Todas las entidades deben cumplir los requisitos mínimos legales de seguridad que impone el Real Decreto 2364/1994, que aprueba el reglamento de seguridad privada según el cual las cámaras acorazadas de efectivo y de compartimentos de alquiler deberán estar provistas de las siguientes medidas de seguridad:

* Dispositivo mecánico o electrónico que permita el bloqueo de la puerta al recinto acorazado desde la hora de cierre del establecimiento hasta la primera hora del día siguiente hábil.
* Sistema electrónico de detección de ataques conectado las 24 horas.
* Detectores sísmicos, detectores microfónicos u otros dispositivos que permitan detectar cualquier ataque a través de techos, paredes o suelo de las cámaras acorazadas o de las cajas de alquiler.
* Detectores volumétricos.


----------



## azkunaveteya (31 May 2009)

las cosas a su cauce dijo:


> Mi intención es hacer un estracto de la cuenta y sacar x-2000€ y acto seguido meterlo en la caja fuerte...
> 
> Si me pregunta le digo que no me fio del sistema bancario, y que para darme un 1,5% lo tengo en billetitos...
> 
> ...



pues la respuesta es NO, ya lo veras


----------



## las cosas a su cauce (31 May 2009)

azkunaveteya dijo:


> pues la respuesta es NO, ya lo veras



Y si saco la pasta del banco A y me la llevo a la caja fuerte del banco de al lado... ?

Es que manda cojones que no pueda hacer con mi dinero lo que quiera!!!!! :

Saludos...

Por cierto, me has puesto el único artículo que había encontrado del tema...


----------



## azkunaveteya (31 May 2009)

las cosas a su cauce dijo:


> Y si saco la pasta del banco A y me la llevo a la caja fuerte del banco de al lado... ?
> 
> Es que manda cojones que no pueda hacer con mi dinero lo que quiera!!!!! :
> 
> ...



esa es otra, pero me dices a ver si te dan caja o no 

por cierto, sabes cuanta pasta entra en 11 x 29 x 46 cm?? (102,13 euros/año)

Pon dos folios uno al lado del otro y pon un monton de billetes encima...


vete con la historia preparada al banco


----------



## las cosas a su cauce (31 May 2009)

azkunaveteya dijo:


> esa es otra, pero me dices a ver si te dan caja o no
> 
> por cierto, sabes cuanta pasta entra en 11 x 29 x 46 cm?? (102,13 euros/año)
> 
> ...



Hombre de 500€ te da para mucha pasta... 

Iré al BSCH a ver que me cuentan... ya iré subiendo el hilo con lo que me cuenten, si alguien tiene alguna experiencia que la cuente... 

Es que últimamente han entrado a robar en 3 pisos de bloques donde viven familiares mios, y lo de tener dinero en casa tampoco me convence...

Saludos...


----------



## Dotierr (1 Jun 2009)

Por mi experiencia, ya pregunté en varios bancos y cajas, y está díficil el tema, no hay disponibles, al menos en Madrid, no sé yo si en otras regiones más pequeñas es más fácil acceder a una...

De todas formas, yo no he preguntado ni en BBVA ni en BSCH ya que no soy cliente, pero seguro que éstas tienen una red de sucursales mucho más amplia donde den este servicio de alquiler de cajas de seguridad,


----------



## Elputodirector (1 Jun 2009)

las cosas a su cauce dijo:


> Y si saco la pasta del banco A y me la llevo a la caja fuerte del banco de al lado... ?
> 
> Es que manda cojones que no pueda hacer con mi dinero lo que quiera!!!!! :
> 
> ...



Yo he tenido cajas en 3 oficinas distintas y en dos bancos distintos.

Ten en cuenta que te la alquilo si quiero.

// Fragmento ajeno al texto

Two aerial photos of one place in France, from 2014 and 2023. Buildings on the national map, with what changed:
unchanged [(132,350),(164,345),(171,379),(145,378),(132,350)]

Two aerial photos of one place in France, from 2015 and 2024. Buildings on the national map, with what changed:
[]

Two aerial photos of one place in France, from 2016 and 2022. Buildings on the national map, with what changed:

Ten en cuenta tambien que una caja vacia no me genera beneficio, vamos que en general si la tengo vacia te la alquilare. Eso si, si me vacilas directamente es no.

En la ultima entidad pedia 1 MM en pasivo para alquilarte una caja.

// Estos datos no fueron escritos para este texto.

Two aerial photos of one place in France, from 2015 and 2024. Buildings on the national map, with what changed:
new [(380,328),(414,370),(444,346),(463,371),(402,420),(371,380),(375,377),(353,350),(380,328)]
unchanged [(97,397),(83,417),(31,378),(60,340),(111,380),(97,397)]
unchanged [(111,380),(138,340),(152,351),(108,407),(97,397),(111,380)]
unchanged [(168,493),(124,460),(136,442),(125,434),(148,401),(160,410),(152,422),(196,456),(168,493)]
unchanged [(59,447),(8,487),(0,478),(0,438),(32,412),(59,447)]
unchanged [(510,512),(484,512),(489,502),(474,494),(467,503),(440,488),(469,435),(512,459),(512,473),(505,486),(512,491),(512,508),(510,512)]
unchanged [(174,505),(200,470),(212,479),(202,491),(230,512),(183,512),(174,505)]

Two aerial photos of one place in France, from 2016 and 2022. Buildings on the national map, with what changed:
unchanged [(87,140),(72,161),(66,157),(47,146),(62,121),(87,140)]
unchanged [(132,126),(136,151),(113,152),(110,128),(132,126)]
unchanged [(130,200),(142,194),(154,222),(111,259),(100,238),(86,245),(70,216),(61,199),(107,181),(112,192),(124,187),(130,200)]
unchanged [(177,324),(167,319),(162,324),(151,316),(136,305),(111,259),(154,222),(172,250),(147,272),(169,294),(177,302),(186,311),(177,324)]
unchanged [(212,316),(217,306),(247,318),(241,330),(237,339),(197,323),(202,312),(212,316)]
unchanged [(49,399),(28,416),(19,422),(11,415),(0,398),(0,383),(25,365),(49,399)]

Hace .... 3 o 4 años las quitaron todas en esa entidad (era muy caro mantenerlas) y solo quedan las de la OP. Para mis clientes consegui 4 cajas (tenia como unas 120 alquiladas) y solo para saldos superiores a 2MM en pasivo.

El precio va por espacio (por lo menos en esas dos entidades que te hablo) y teniamos 3 modelos, uno alargado pequeño, uno tamaño libro y otro algo mas grande que una pantalla de ordenador. Todos ellos con mucho fondo.

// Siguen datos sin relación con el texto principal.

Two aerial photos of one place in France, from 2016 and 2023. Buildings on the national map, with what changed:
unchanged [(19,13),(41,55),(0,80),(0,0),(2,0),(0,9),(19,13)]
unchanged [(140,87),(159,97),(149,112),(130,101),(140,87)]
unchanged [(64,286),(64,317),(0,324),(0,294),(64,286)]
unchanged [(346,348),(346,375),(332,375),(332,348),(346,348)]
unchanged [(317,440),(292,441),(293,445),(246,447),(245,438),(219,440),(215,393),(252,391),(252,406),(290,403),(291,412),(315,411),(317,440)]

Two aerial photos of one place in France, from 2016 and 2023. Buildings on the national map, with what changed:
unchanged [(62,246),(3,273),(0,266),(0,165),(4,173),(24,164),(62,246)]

El seguro.... el que tu quieras, depende la prima que estes dispuesto a pagar.

Pero vamos, que esta dificil conseguirlas.


----------



## UN PRIVILEGIADO (3 Jun 2009)

De las cajas de seguridad, te comento mi experiencia.
Pregunté en dos lugares, una caja y un banco. En el banco (Banesto) había disponibles, pero muy caras, porque me dijeron que querían quitarse gente, por el tema de blanqueo de dinero. Te digo lo que a mí me contaron. Me salía, con dos titulares, casi 300 Euros anuales. Pfffff. Subía mucho el 2º titular.
Así, que me fui a la caja, (Vital) donde me prorrateaban lo ya pasado del año (la abrí a principios de marzo) y me sale con 2 titulares, unos 90 euros anuales.
El seguro de la caja (y del banco creo que parecido) te cubre muy poco, unos 6.000 ó 7.000 euros. Si quisieras asegurar por más cantidad, tendrías que hablar con tu compañía de seguros particular.
La forma de abrirla es de lo más sencillo. Yo fuí a la caja y en el momento, vimos las disponible, firmé un contrato y listo. Te dan la llave, y tienes gratis tres aperturas de la caja. Luego me parece que te cobran unos 3 Euros por apertura. No me pusieron ningún problema.
__________________


----------



## Buster (3 Jun 2009)

UN PRIVILEGIADO dijo:


> Te dan la llave, y tienes gratis tres aperturas de la caja. Luego me parece que te cobran unos 3 Euros por apertura. No me pusieron ningún problema.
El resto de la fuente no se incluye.